Haven't figured out how to do the picture link dealio.


----------



## StevenFT (Jan 26, 2012)

I notice in your repair log that you had the entire oil cooler replaced along with the gaskets. Was that an "engine-out" procedure? Just curious...

Your Phaeton looks sharp!

Steven


----------



## Halvecto (Nov 18, 2011)

StevenFT said:


> I notice in your repair log that you had the entire oil cooler replaced along with the gaskets. Was that an "engine-out" procedure? Just curious...
> 
> Your Phaeton looks sharp!
> 
> Steven


Thanks Steven.

The oil cooler was replaced without a major engine-out procedure. The oil cooler had developed a coolant leak and was losing fluid badly. They did take a good portion of the front end fascia off. It was about a $3k job in total after I had them do full 110k scheduled service and front end on the car while it was apart.


----------



## Halvecto (Nov 18, 2011)

The next chapter of the story is that once I had the part number for the KESSY, I began searching online to possibly find one available. I did find a handful of units on eBay, but only one with the same ending numbers/letters that I needed. I then decided to do a Google search and it brought up various images of the unit. One of the pictures showed the correct unit and upon closer review, it was the part number I needed (from a 2006 Cayenne; part number ending ...135 k) and it was at a Porsche dismantler less than 5 miles from the dealership!! Bingo! I went to Los Angeles Dismantler to pick up the module; $80 later I was on my way! I drove immediately over to Galpin VW to drop off the module. Again, Steve and his guys were great. They gladly took the part and told me they would be in touch. I have to say I was thrilled to have found the part nearby and that Galpin was so amiable in working with me on finding a cost effective solution. 

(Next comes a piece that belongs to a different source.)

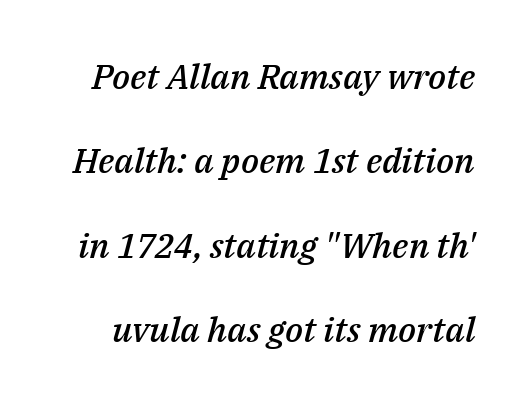
The image shows 35 px semibold type, italic (leaning right); set loose line spacing (2.41x), normal letter spacing, not underlined; medium stroke contrast and a medium x-height.

A few days later, I received a call from the adviser to let me know they found the passenger side sunroof drain tube was completely blocked, causing the left side to be overwhelmed and causing a significant leak when water of moderate amounts got into the sunroof area. They were confident this was the culprit and were able to clean it completely and allow normal drainage to occur. Once they were confident they found the cause they were able to get the KESSY installed, programmed and working!:laugh: He then told me that the water getting into the floorboard and subsequently the KESSY has caused two starter relay switches to go bad, so that is now what I am working on. I plan to contact the same LA Dismantler tomorrow to find out if they happen to have the relay parts as well.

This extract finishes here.